Frequency distribution of differences in body mass between 779 matched pairs of younger and older species in the same genera. Dashed line indicates zero difference. Younger species are significantly larger, either according to a standard t test (t = 3.225, df = 776, P < 0.01) or according to a G test [442 of 779 (56.7%) are larger, with a null expectation of 50%,G = 14.782, df = 1, P < 0.005]. A more robust, nonparametric test shows that the pattern is due to within-lineage trends instead of an among-lineage trend. This involves creating pseudo-matches of the younger species to older ones drawn randomly with replacement (bootstrapping). Totally random draws would generate unrealistically large temporal and body mass differences, because species are only placed in the same genera if they appear at similar times and have similar sizes. Therefore, a conservative algorithm was used as follows: (i) The differences in first appearance dates and the absolute differences in the mass of matched species were counted (bin sizes were set at 0.1 My and 0.01 ln g). (ii) As candidate older species were drawn randomly, the observed differences were subtracted from the two count vectors. (iii) If either difference had a zero count, the counts were restored and the candidate species was replaced. (iv) Once all younger species had been matched, the mean difference was computed. (v) The procedure was iterated to create a null distribution. Because only absolute values of mass differences were held constant, the average differences could take on any value. For combinatoric reasons, an average of 74.7 pairs per trial (9.6%) could not be matched. Even though the average differences in mass for unmatched species pairs were high (0.118 ln g), the remaining matched pairs averaged differences that were very close to the original value (0.084 versus 0.087 ln g). The bootstrapped species pairs in 10,000 trials differed in mass by an average of 0.022 ln g, which is significantly less than 0.084 ln g (P = 0.0071).
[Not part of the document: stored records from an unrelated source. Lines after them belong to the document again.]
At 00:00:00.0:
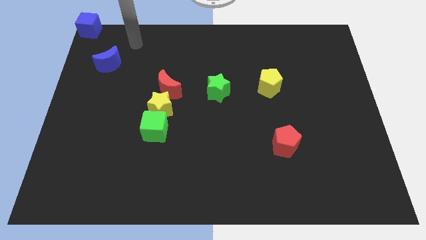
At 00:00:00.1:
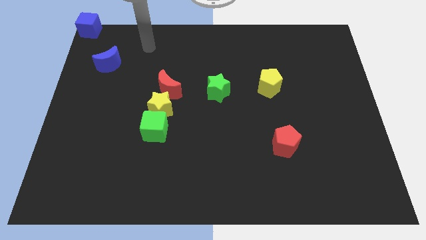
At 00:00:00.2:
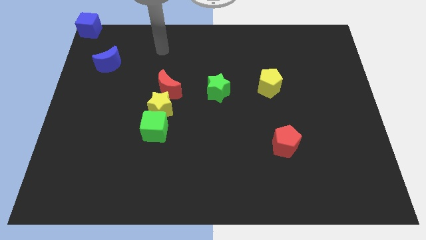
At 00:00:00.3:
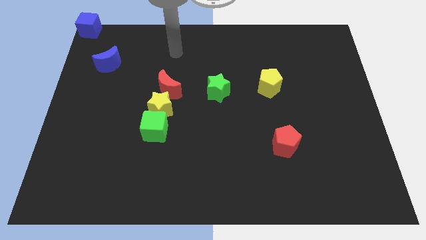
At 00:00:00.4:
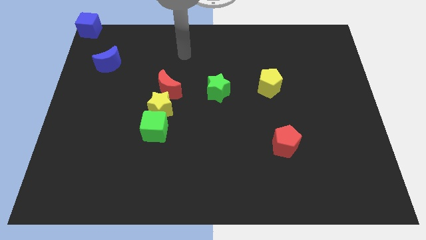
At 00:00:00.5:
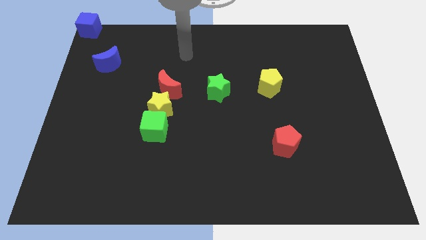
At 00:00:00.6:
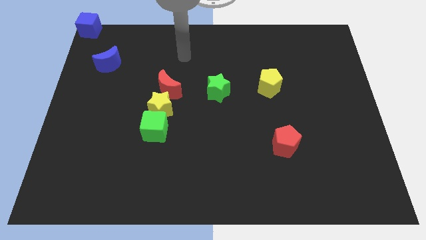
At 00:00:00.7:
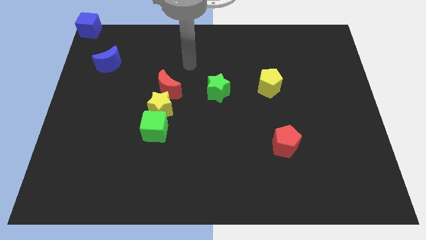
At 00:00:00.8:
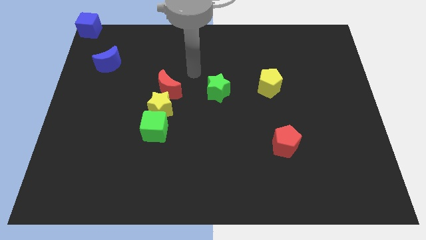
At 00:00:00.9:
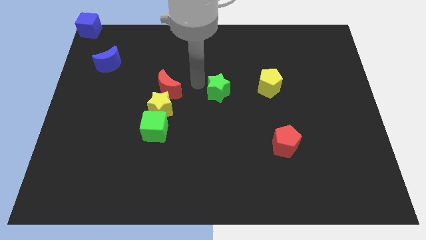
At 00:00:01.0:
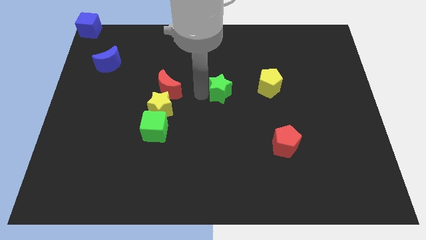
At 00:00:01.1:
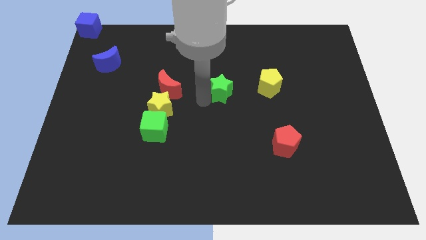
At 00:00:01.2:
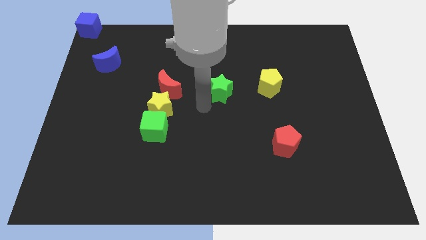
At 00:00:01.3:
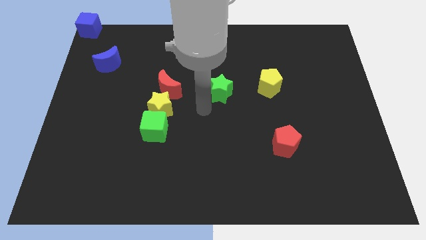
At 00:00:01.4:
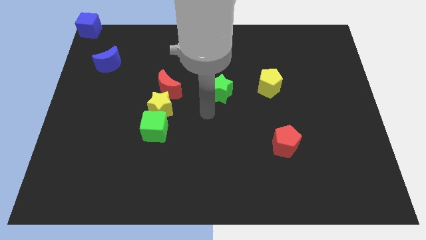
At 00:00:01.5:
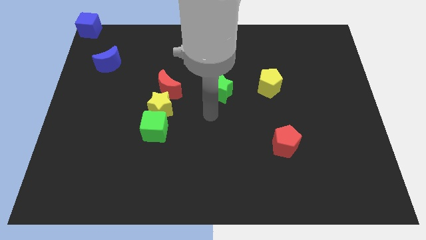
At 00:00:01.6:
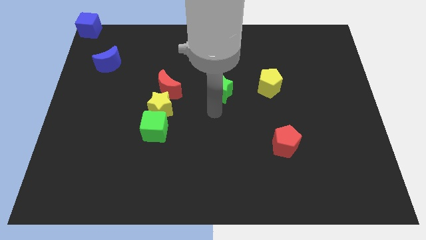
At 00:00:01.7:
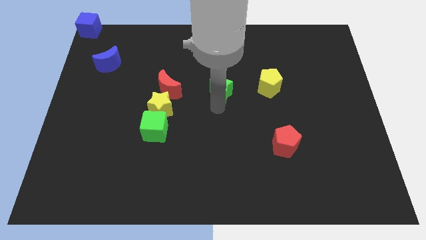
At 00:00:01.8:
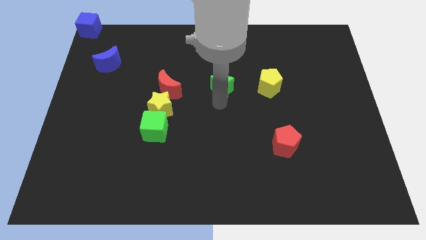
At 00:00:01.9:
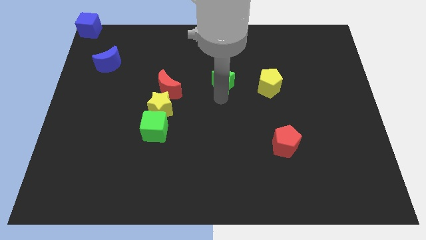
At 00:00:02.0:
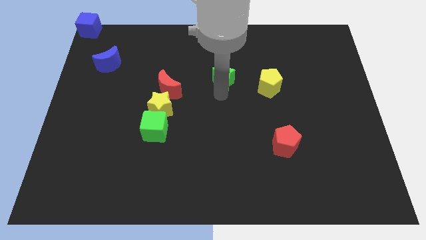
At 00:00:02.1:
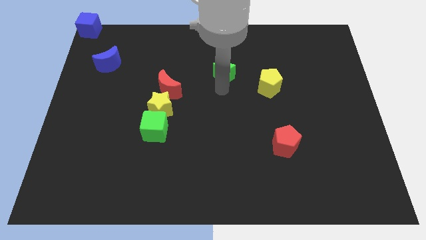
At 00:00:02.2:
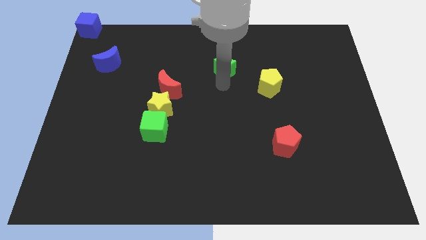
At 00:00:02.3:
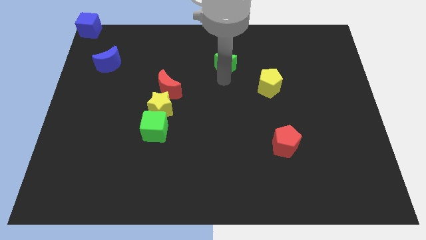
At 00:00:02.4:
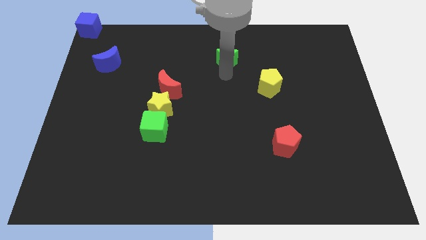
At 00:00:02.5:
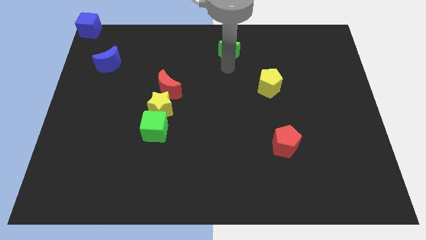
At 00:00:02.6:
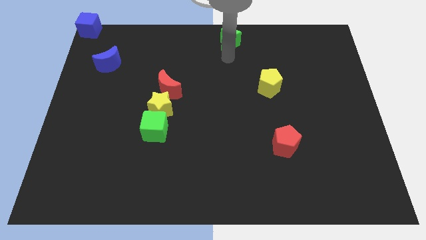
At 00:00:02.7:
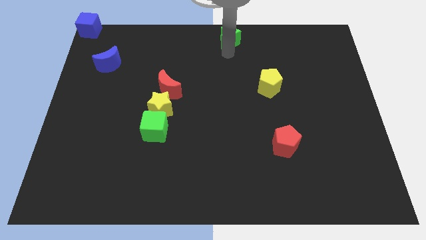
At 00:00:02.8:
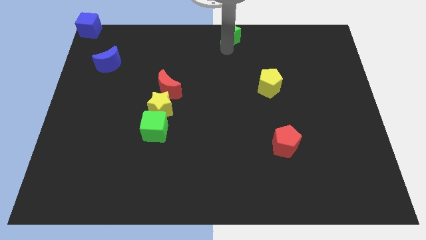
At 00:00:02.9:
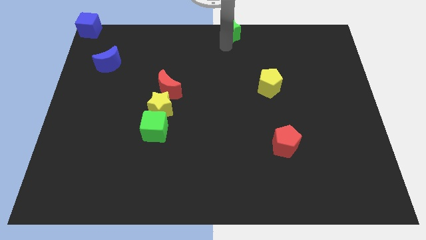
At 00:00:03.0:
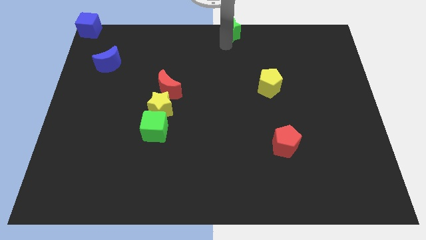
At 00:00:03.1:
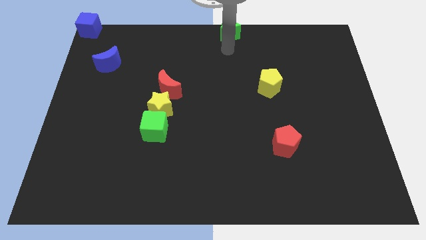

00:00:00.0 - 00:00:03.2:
place the green star at the top center of the board

The strong support for a within-lineage effect raises several questions. First, average body mass across the fauna increases dramatically during the Cenozoic; can this effect account for the trend by itself, or are among-lineage effects such as differential extinction also needed to explain it? A simple calculation shows that it can. A least-squares fit of time against mean size for the Cenozoic data yields a slope of 0.0392 ± 0.0037 ln g per million years (My). The first appearances of the older and younger species in each comparison differ on average by 2.62 My, so the increase of 0.0874 ln g per generation amounts to an increase of 0.0334 ln g/My, which is an insignificant 1.6 standard errors lower than the observed slope.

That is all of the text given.